== TASK ITEM ==
Print the entries underneath word for word, omitting whatever pictures they contain.
***
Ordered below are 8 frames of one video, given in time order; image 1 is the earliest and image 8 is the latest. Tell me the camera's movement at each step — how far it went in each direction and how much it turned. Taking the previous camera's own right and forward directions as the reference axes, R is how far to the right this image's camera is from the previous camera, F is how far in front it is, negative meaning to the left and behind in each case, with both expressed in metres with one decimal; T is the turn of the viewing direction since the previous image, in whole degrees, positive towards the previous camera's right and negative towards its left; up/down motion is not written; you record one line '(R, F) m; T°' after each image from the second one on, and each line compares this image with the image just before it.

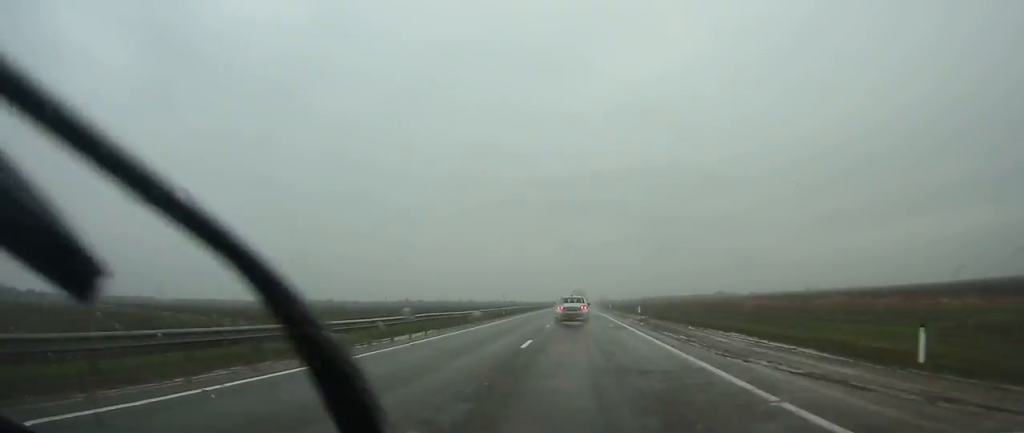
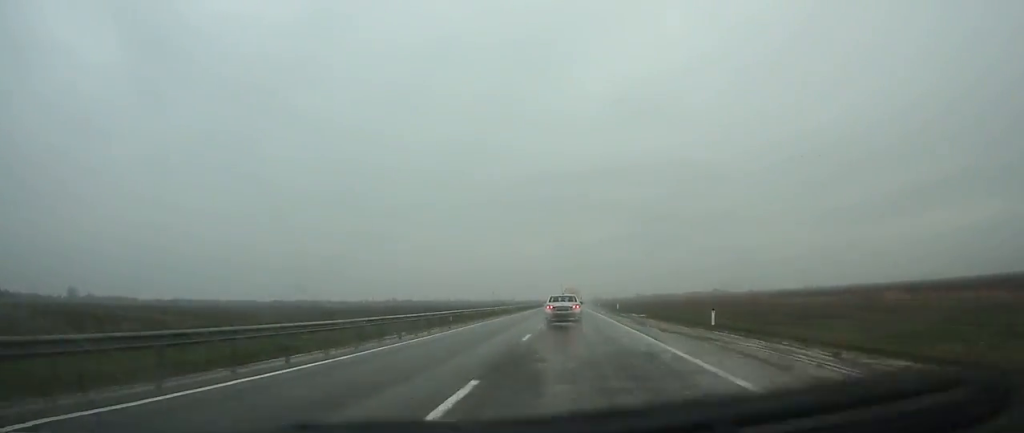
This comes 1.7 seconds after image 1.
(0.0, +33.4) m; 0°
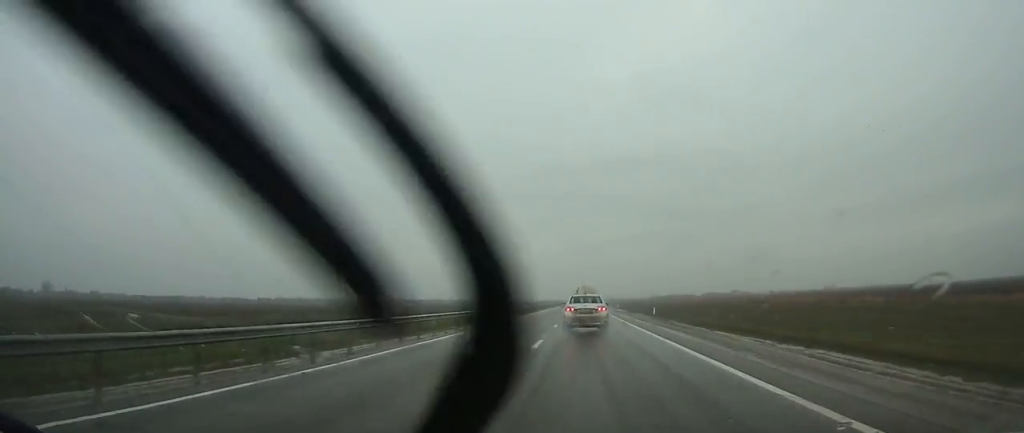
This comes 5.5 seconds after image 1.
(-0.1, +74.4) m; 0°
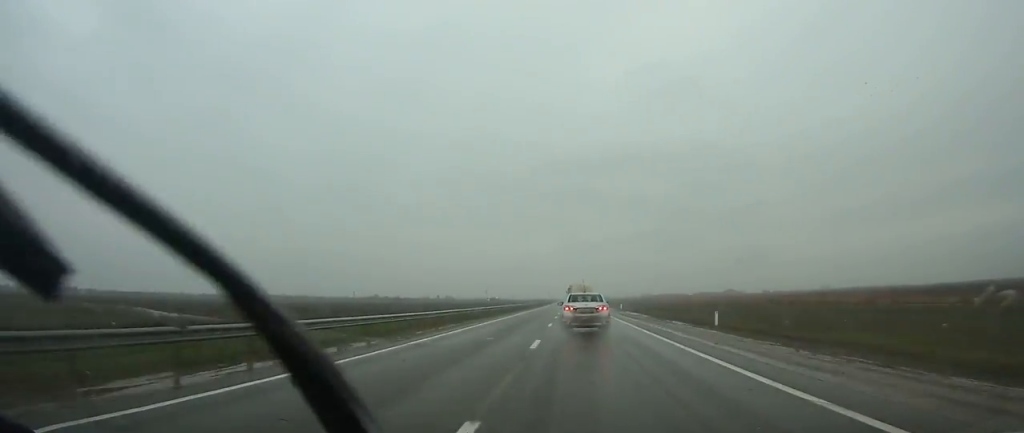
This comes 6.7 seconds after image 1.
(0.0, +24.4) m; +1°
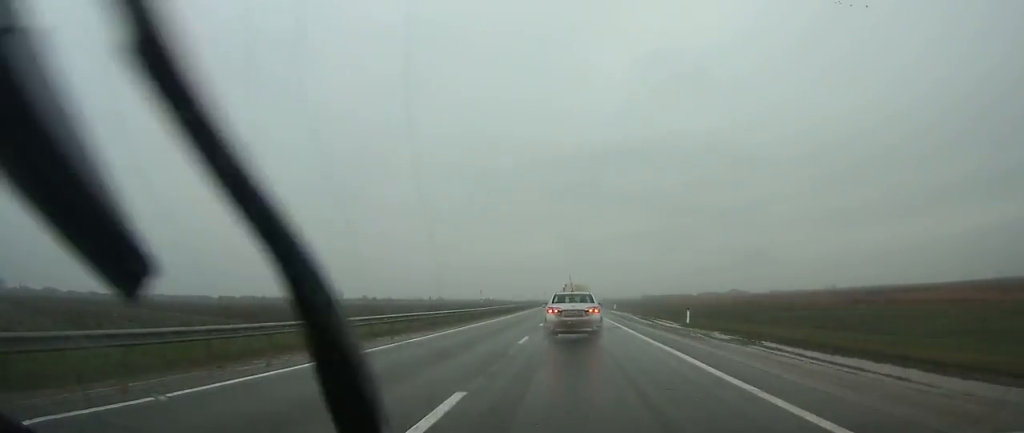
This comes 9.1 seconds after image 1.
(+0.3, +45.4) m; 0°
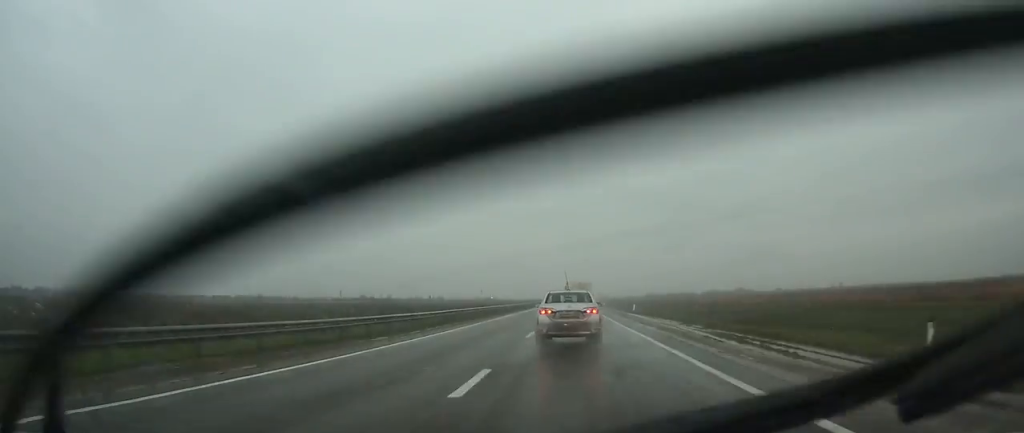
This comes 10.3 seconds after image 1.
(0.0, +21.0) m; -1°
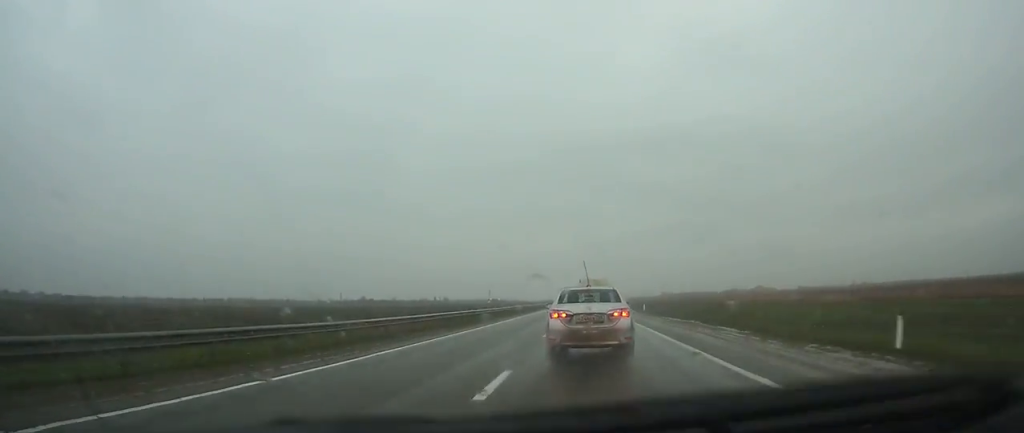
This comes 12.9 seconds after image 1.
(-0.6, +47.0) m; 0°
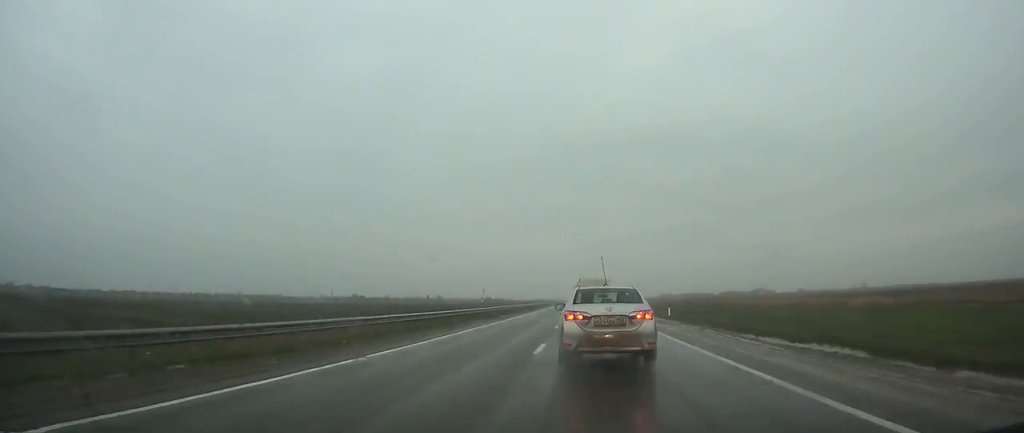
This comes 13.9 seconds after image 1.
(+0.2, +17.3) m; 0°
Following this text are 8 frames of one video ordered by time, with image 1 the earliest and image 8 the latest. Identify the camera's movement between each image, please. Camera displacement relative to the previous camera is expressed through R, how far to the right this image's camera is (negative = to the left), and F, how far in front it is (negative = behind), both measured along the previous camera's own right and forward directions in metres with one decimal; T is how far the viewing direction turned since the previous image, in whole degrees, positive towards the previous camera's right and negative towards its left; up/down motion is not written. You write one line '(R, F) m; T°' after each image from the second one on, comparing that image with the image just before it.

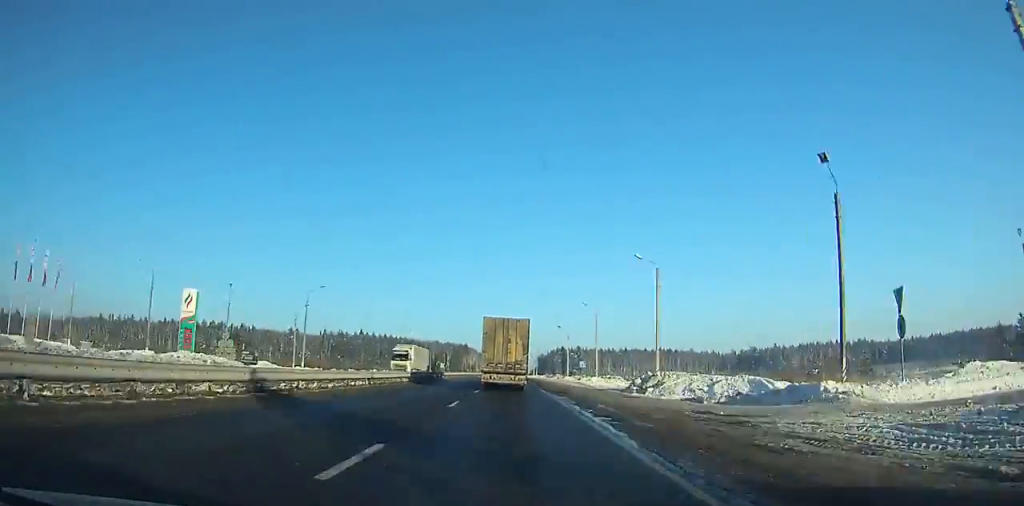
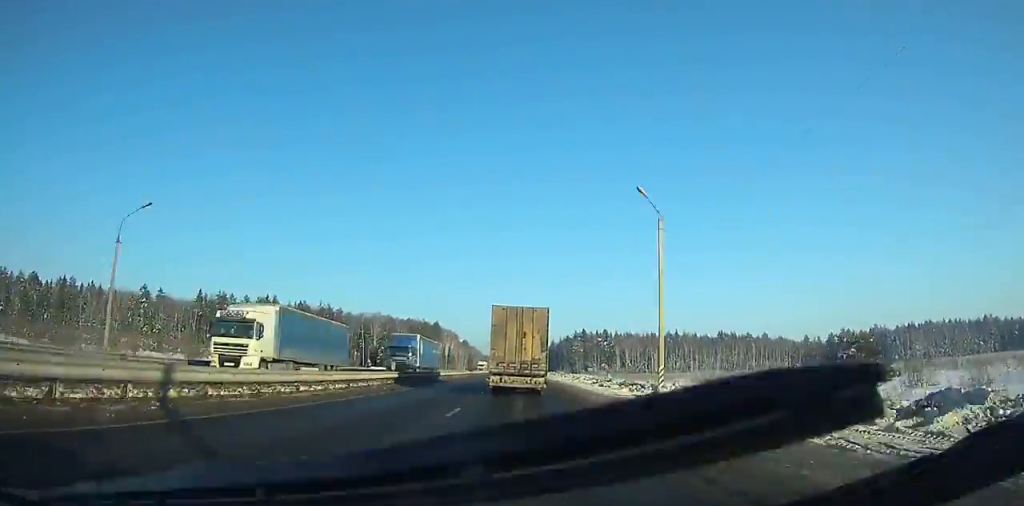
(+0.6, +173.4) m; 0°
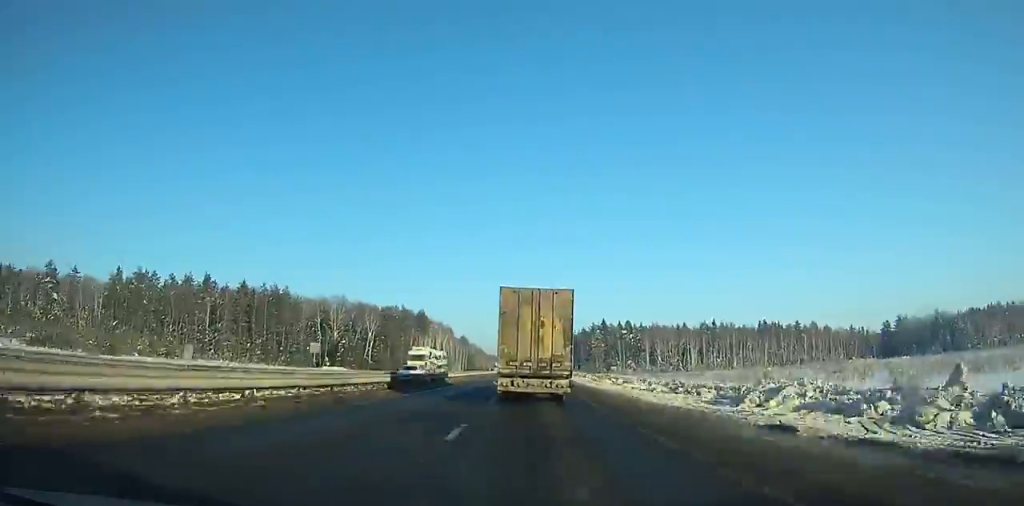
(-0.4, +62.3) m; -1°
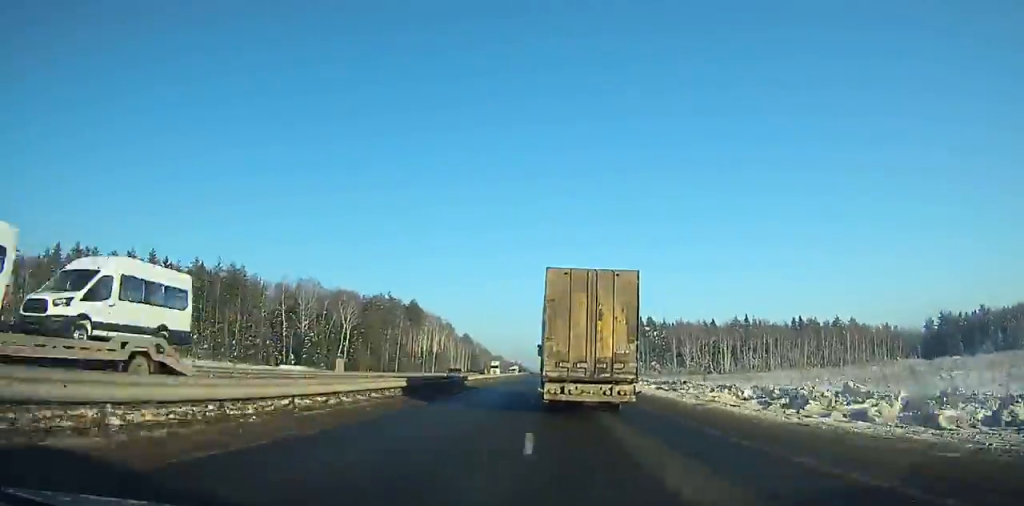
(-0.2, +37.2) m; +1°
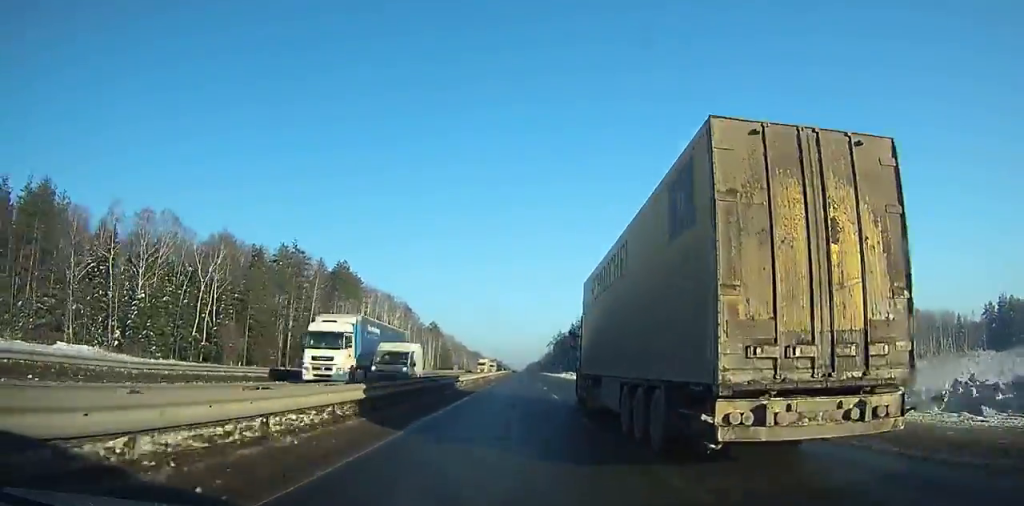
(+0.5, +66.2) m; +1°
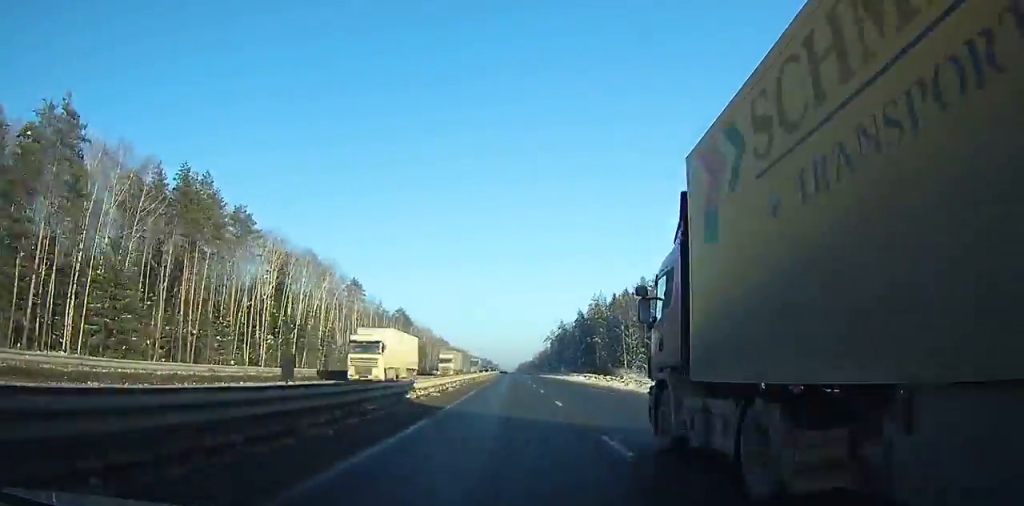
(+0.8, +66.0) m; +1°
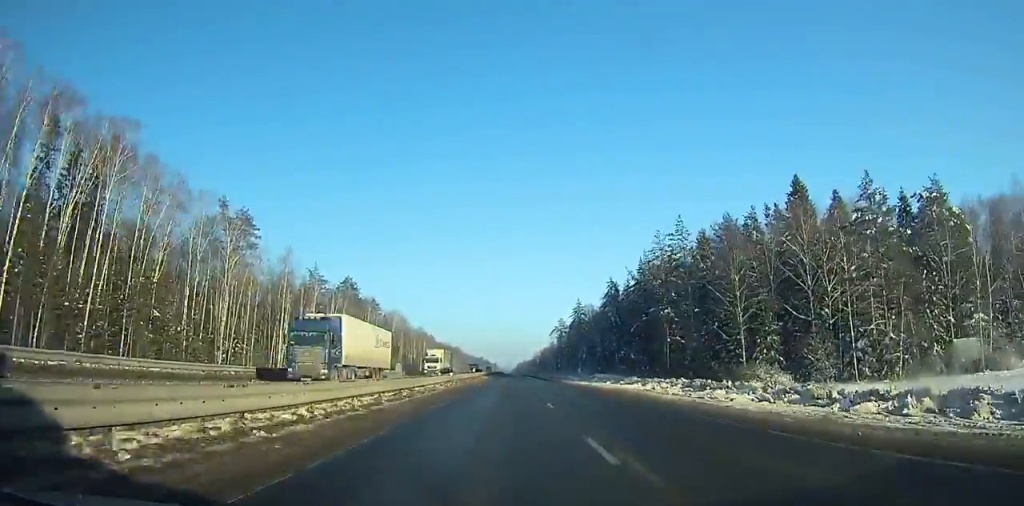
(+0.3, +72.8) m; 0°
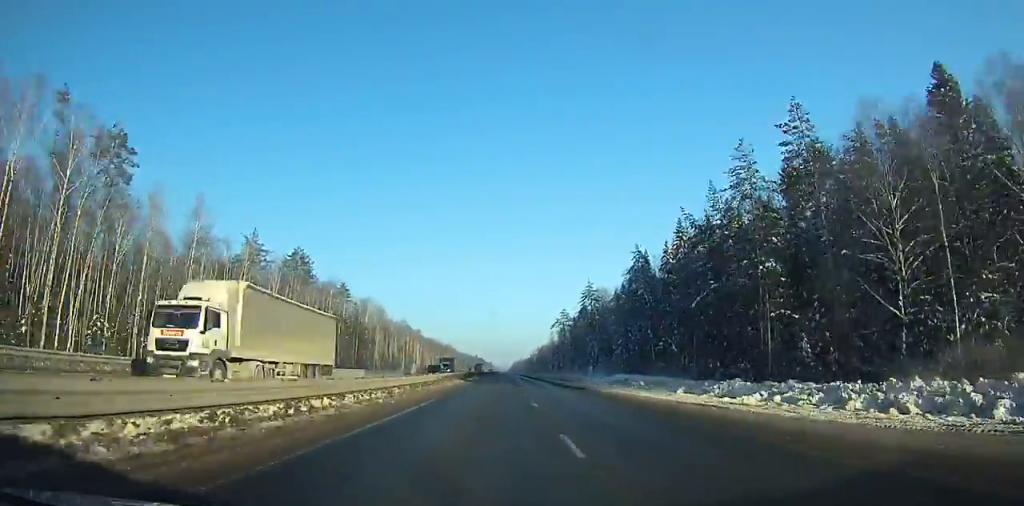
***
== RESPONSE TO THE TASK ==
Ordered below are 8 frames of one video, given in time order; image 1 is the earliest and image 8 is the latest. Tell me the camera's movement at each step — how far it went in each direction and how much it turned. Taking the previous camera's own right and forward directions as the reference axes, R is how far to the right this image's camera is from the previous camera, F is how far in front it is, negative meaning to the left and behind in each case, with both expressed in metres with one decimal; T is the turn of the viewing direction since the previous image, in whole degrees, positive towards the previous camera's right and negative towards its left; up/down motion is not written; you record one line '(R, F) m; T°' after each image from the second one on, and each line compares this image with the image just before it.

This comes 1.7 seconds after image 1.
(0.0, +33.4) m; 0°
This comes 5.5 seconds after image 1.
(-0.1, +74.4) m; 0°
This comes 6.7 seconds after image 1.
(0.0, +24.4) m; +1°
This comes 9.1 seconds after image 1.
(+0.3, +45.4) m; 0°
This comes 10.3 seconds after image 1.
(0.0, +21.0) m; -1°
This comes 12.9 seconds after image 1.
(-0.6, +47.0) m; 0°
This comes 13.9 seconds after image 1.
(+0.2, +17.3) m; 0°
Following this text are 8 frames of one video ordered by time, with image 1 the earliest and image 8 the latest. Identify the camera's movement between each image, please. Camera displacement relative to the previous camera is expressed through R, how far to the right this image's camera is (negative = to the left), and F, how far in front it is (negative = behind), both measured along the previous camera's own right and forward directions in metres with one decimal; T is how far the viewing direction turned since the previous image, in whole degrees, positive towards the previous camera's right and negative towards its left; up/down motion is not written. You write one line '(R, F) m; T°' after each image from the second one on, comparing that image with the image just before it.

(+0.6, +173.4) m; 0°
(-0.4, +62.3) m; -1°
(-0.2, +37.2) m; +1°
(+0.5, +66.2) m; +1°
(+0.8, +66.0) m; +1°
(+0.3, +72.8) m; 0°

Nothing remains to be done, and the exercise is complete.